▶ Assignment: Your reply should hold every record exactly as given, with no pictures in it.

_ _ _ _ _

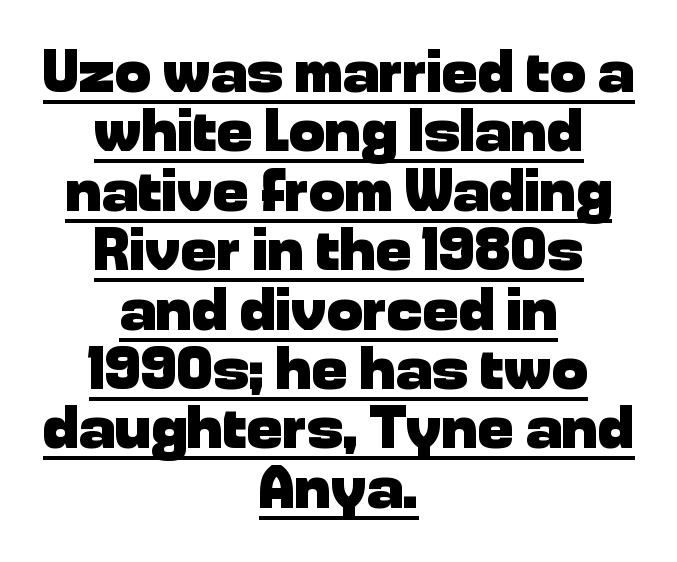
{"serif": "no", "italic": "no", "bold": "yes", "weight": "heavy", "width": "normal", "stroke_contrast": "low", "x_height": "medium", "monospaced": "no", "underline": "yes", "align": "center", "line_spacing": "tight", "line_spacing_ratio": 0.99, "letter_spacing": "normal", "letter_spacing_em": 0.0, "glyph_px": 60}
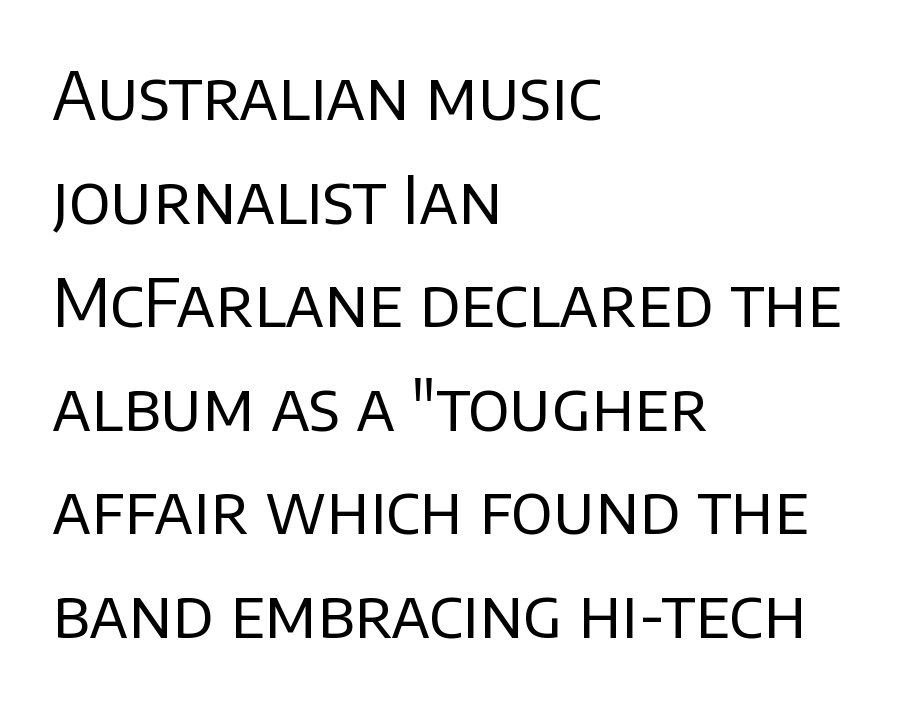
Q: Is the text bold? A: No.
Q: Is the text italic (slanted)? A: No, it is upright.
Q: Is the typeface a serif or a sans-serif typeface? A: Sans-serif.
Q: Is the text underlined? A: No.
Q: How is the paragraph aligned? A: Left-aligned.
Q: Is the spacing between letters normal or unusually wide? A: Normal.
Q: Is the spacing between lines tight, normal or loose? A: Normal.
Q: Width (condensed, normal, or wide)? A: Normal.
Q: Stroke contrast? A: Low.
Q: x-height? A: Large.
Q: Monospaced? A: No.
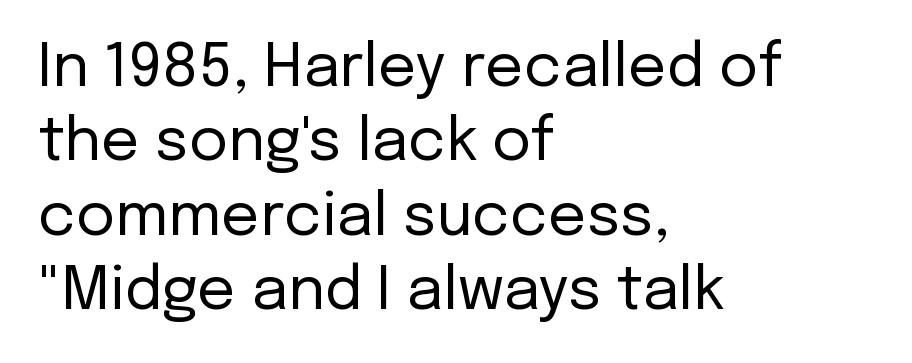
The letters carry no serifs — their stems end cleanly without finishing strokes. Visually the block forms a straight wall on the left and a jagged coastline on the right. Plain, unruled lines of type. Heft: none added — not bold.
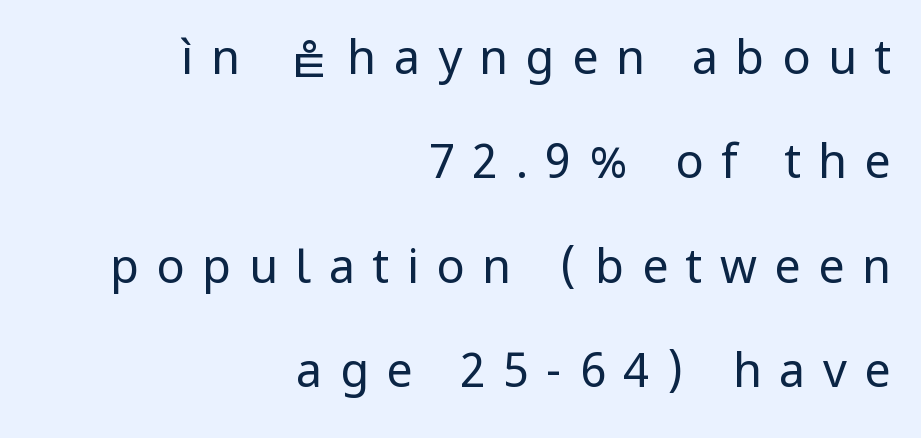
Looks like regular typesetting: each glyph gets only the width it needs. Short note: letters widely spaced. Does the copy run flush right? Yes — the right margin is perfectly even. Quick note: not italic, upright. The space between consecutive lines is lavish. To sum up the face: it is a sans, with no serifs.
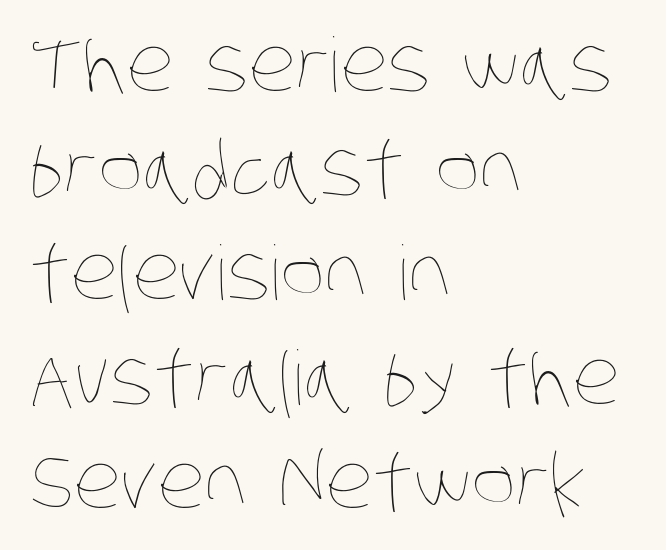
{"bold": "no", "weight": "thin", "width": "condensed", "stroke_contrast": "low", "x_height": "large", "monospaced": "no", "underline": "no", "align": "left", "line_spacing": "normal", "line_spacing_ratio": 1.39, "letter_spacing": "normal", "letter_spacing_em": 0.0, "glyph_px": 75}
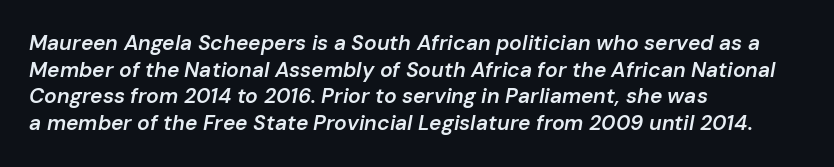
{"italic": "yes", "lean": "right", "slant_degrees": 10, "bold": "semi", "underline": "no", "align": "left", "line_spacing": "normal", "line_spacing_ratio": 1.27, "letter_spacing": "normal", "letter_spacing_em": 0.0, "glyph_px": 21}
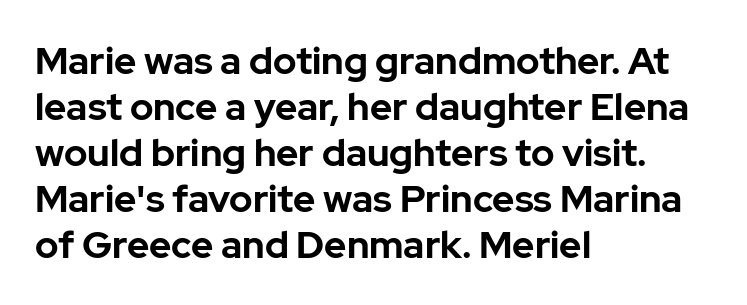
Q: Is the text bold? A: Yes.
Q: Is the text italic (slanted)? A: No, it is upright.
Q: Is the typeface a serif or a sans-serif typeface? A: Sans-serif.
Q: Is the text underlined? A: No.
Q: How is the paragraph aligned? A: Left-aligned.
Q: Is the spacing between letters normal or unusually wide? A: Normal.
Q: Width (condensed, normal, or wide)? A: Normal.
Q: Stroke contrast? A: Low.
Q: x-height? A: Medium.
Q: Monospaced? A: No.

_ _ _ _ _

▶ Problem solution:
{"serif": "no", "italic": "no", "bold": "yes", "weight": "heavy", "width": "normal", "stroke_contrast": "low", "x_height": "medium", "monospaced": "no", "underline": "yes", "align": "center", "line_spacing": "tight", "line_spacing_ratio": 0.99, "letter_spacing": "normal", "letter_spacing_em": 0.0, "glyph_px": 60}
Q: Is the text bold? A: No.
Q: Is the text italic (slanted)? A: No, it is upright.
Q: Is the typeface a serif or a sans-serif typeface? A: Sans-serif.
Q: Is the text underlined? A: No.
Q: How is the paragraph aligned? A: Left-aligned.
Q: Is the spacing between letters normal or unusually wide? A: Normal.
Q: Is the spacing between lines tight, normal or loose? A: Normal.
Q: Width (condensed, normal, or wide)? A: Normal.
Q: Stroke contrast? A: Low.
Q: x-height? A: Large.
Q: Monospaced? A: No.
The letters carry no serifs — their stems end cleanly without finishing strokes. Visually the block forms a straight wall on the left and a jagged coastline on the right. Plain, unruled lines of type. Heft: none added — not bold.
Looks like regular typesetting: each glyph gets only the width it needs. Short note: letters widely spaced. Does the copy run flush right? Yes — the right margin is perfectly even. Quick note: not italic, upright. The space between consecutive lines is lavish. To sum up the face: it is a sans, with no serifs.
{"bold": "no", "weight": "thin", "width": "condensed", "stroke_contrast": "low", "x_height": "large", "monospaced": "no", "underline": "no", "align": "left", "line_spacing": "normal", "line_spacing_ratio": 1.39, "letter_spacing": "normal", "letter_spacing_em": 0.0, "glyph_px": 75}
{"italic": "yes", "lean": "right", "slant_degrees": 10, "bold": "semi", "underline": "no", "align": "left", "line_spacing": "normal", "line_spacing_ratio": 1.27, "letter_spacing": "normal", "letter_spacing_em": 0.0, "glyph_px": 21}
Q: Is the text bold? A: Yes.
Q: Is the text italic (slanted)? A: No, it is upright.
Q: Is the typeface a serif or a sans-serif typeface? A: Sans-serif.
Q: Is the text underlined? A: No.
Q: How is the paragraph aligned? A: Left-aligned.
Q: Is the spacing between letters normal or unusually wide? A: Normal.
Q: Width (condensed, normal, or wide)? A: Normal.
Q: Stroke contrast? A: Low.
Q: x-height? A: Medium.
Q: Monospaced? A: No.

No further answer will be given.